▼▼▼
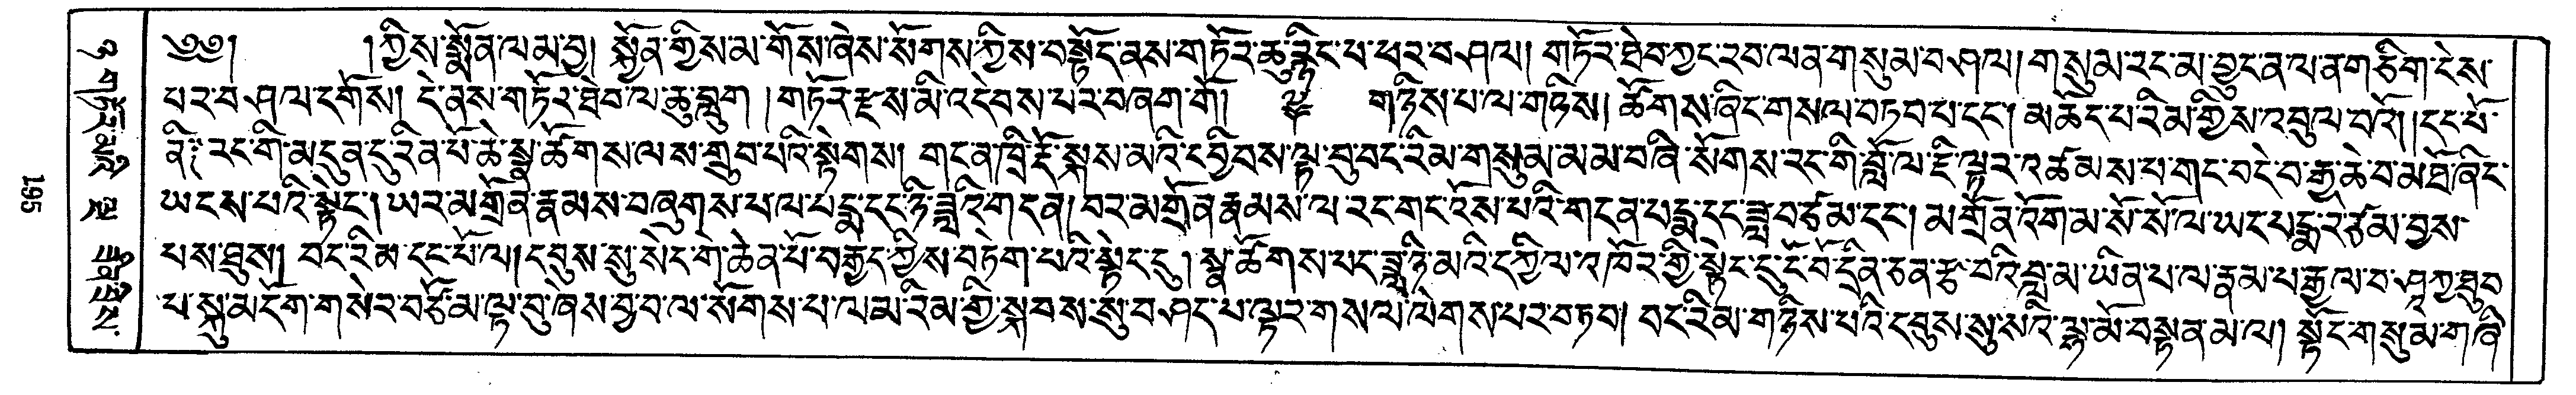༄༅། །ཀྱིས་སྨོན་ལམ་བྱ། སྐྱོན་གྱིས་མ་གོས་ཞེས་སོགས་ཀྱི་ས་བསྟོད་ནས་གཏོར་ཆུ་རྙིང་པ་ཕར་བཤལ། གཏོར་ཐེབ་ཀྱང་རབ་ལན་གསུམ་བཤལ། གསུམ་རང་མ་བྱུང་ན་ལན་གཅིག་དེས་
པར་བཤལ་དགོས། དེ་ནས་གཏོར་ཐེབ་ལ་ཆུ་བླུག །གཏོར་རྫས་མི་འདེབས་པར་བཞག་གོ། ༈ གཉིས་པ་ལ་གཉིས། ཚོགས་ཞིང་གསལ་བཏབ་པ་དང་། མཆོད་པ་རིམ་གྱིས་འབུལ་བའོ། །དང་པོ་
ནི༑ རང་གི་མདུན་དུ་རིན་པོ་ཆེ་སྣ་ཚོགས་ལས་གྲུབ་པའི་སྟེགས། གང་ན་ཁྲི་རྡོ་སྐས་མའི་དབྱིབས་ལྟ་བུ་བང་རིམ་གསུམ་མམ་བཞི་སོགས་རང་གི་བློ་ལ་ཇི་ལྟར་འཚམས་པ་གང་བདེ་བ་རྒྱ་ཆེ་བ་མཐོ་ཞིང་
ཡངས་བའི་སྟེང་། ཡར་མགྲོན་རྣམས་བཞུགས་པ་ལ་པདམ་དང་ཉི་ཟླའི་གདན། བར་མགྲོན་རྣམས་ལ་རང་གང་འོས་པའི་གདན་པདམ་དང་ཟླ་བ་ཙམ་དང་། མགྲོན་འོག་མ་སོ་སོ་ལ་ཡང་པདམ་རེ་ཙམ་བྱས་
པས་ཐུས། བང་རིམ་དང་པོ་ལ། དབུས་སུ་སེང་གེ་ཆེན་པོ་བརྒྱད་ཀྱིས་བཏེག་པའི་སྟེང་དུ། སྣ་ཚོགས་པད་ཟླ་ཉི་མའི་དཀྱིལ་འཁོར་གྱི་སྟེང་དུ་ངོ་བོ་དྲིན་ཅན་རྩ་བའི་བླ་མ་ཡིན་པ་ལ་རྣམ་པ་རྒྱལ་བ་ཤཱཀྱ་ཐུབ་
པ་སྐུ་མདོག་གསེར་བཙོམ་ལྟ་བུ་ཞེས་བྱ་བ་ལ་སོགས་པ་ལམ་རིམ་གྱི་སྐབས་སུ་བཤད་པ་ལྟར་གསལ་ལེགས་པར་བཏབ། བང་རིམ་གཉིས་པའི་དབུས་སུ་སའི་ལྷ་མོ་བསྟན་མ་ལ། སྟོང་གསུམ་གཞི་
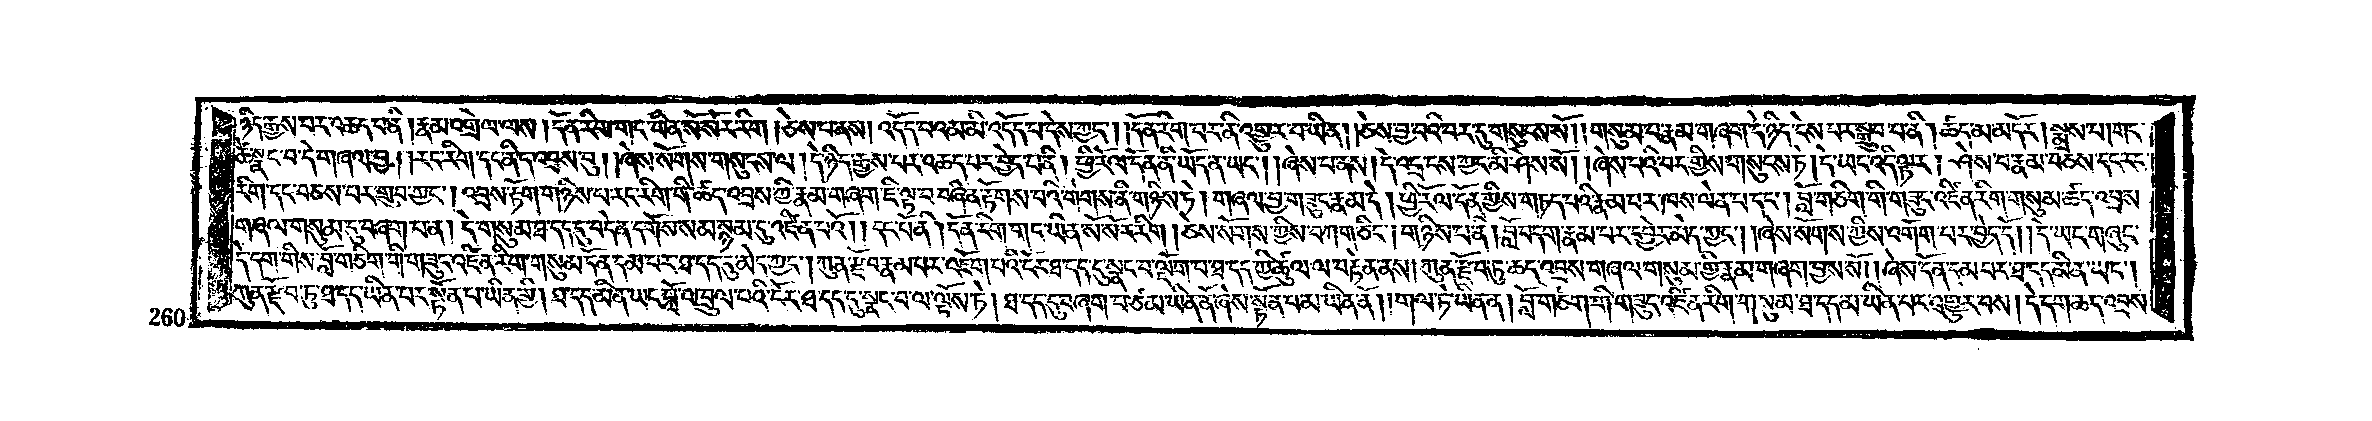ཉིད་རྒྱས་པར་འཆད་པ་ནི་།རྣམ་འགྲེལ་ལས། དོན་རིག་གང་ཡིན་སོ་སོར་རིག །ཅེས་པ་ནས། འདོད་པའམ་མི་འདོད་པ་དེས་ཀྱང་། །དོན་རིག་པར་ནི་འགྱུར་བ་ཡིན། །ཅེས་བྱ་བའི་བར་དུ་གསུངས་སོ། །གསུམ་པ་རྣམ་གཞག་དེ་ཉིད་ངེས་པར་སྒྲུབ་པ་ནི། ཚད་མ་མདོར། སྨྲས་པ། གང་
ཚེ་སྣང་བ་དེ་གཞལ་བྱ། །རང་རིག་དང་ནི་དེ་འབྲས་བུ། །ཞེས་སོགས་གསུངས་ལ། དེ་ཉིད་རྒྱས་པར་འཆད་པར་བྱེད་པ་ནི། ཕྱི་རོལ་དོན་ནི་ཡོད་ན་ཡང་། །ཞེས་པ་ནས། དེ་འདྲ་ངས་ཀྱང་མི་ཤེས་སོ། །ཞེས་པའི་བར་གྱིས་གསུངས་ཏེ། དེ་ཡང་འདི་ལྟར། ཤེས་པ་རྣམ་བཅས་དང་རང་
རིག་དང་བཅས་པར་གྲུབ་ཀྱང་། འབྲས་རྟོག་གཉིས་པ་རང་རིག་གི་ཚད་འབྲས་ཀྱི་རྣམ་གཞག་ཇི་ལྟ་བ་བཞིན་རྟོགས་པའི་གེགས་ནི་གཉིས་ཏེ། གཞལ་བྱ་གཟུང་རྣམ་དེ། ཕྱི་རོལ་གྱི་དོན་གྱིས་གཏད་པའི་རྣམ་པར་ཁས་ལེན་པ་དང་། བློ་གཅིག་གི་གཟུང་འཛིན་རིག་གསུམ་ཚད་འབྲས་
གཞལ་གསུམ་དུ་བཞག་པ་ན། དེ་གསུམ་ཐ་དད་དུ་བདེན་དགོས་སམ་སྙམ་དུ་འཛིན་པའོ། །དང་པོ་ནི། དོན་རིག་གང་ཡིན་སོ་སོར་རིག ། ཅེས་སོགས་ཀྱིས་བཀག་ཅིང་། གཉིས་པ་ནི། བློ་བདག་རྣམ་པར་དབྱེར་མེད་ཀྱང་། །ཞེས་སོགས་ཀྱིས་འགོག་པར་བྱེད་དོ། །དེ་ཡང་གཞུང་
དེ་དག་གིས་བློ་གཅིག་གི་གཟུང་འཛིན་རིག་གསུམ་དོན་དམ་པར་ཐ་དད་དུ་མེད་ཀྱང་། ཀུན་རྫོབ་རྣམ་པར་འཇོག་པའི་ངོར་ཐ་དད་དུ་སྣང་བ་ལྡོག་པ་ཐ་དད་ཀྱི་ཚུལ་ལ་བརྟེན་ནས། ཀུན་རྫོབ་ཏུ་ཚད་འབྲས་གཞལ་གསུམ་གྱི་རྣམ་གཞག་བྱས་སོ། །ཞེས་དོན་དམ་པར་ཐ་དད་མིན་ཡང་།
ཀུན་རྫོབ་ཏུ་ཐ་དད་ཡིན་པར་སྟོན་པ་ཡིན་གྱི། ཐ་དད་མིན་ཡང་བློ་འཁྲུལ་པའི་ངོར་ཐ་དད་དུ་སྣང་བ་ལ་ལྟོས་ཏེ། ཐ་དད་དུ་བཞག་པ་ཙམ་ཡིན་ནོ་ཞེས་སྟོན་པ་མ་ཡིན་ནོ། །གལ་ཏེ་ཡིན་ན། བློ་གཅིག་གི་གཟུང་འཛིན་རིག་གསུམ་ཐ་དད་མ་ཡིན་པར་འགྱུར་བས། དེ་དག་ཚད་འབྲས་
▲▲▲
_Problem to solve:_
In the entries above, the lines between the one holding "ཚེ་སྣང་བ་དེ་གཞལ་བྱ། །རང་རིག་དང་ནི་དེ་འབྲས་བུ། །ཞེས་སོགས་གསུངས་ལ།" and the one holding "དོན་རིག་གང་ཡིན་སོ་སོར་རིག ། ཅེས་སོགས་ཀྱིས་བཀག་ཅིང་།", inclusive, are to be printed exactly as written, and those alone.

_Solution:_
ཚེ་སྣང་བ་དེ་གཞལ་བྱ། །རང་རིག་དང་ནི་དེ་འབྲས་བུ། །ཞེས་སོགས་གསུངས་ལ། དེ་ཉིད་རྒྱས་པར་འཆད་པར་བྱེད་པ་ནི། ཕྱི་རོལ་དོན་ནི་ཡོད་ན་ཡང་། །ཞེས་པ་ནས། དེ་འདྲ་ངས་ཀྱང་མི་ཤེས་སོ། །ཞེས་པའི་བར་གྱིས་གསུངས་ཏེ། དེ་ཡང་འདི་ལྟར། ཤེས་པ་རྣམ་བཅས་དང་རང་
རིག་དང་བཅས་པར་གྲུབ་ཀྱང་། འབྲས་རྟོག་གཉིས་པ་རང་རིག་གི་ཚད་འབྲས་ཀྱི་རྣམ་གཞག་ཇི་ལྟ་བ་བཞིན་རྟོགས་པའི་གེགས་ནི་གཉིས་ཏེ། གཞལ་བྱ་གཟུང་རྣམ་དེ། ཕྱི་རོལ་གྱི་དོན་གྱིས་གཏད་པའི་རྣམ་པར་ཁས་ལེན་པ་དང་། བློ་གཅིག་གི་གཟུང་འཛིན་རིག་གསུམ་ཚད་འབྲས་
གཞལ་གསུམ་དུ་བཞག་པ་ན། དེ་གསུམ་ཐ་དད་དུ་བདེན་དགོས་སམ་སྙམ་དུ་འཛིན་པའོ། །དང་པོ་ནི། དོན་རིག་གང་ཡིན་སོ་སོར་རིག ། ཅེས་སོགས་ཀྱིས་བཀག་ཅིང་། གཉིས་པ་ནི། བློ་བདག་རྣམ་པར་དབྱེར་མེད་ཀྱང་། །ཞེས་སོགས་ཀྱིས་འགོག་པར་བྱེད་དོ། །དེ་ཡང་གཞུང་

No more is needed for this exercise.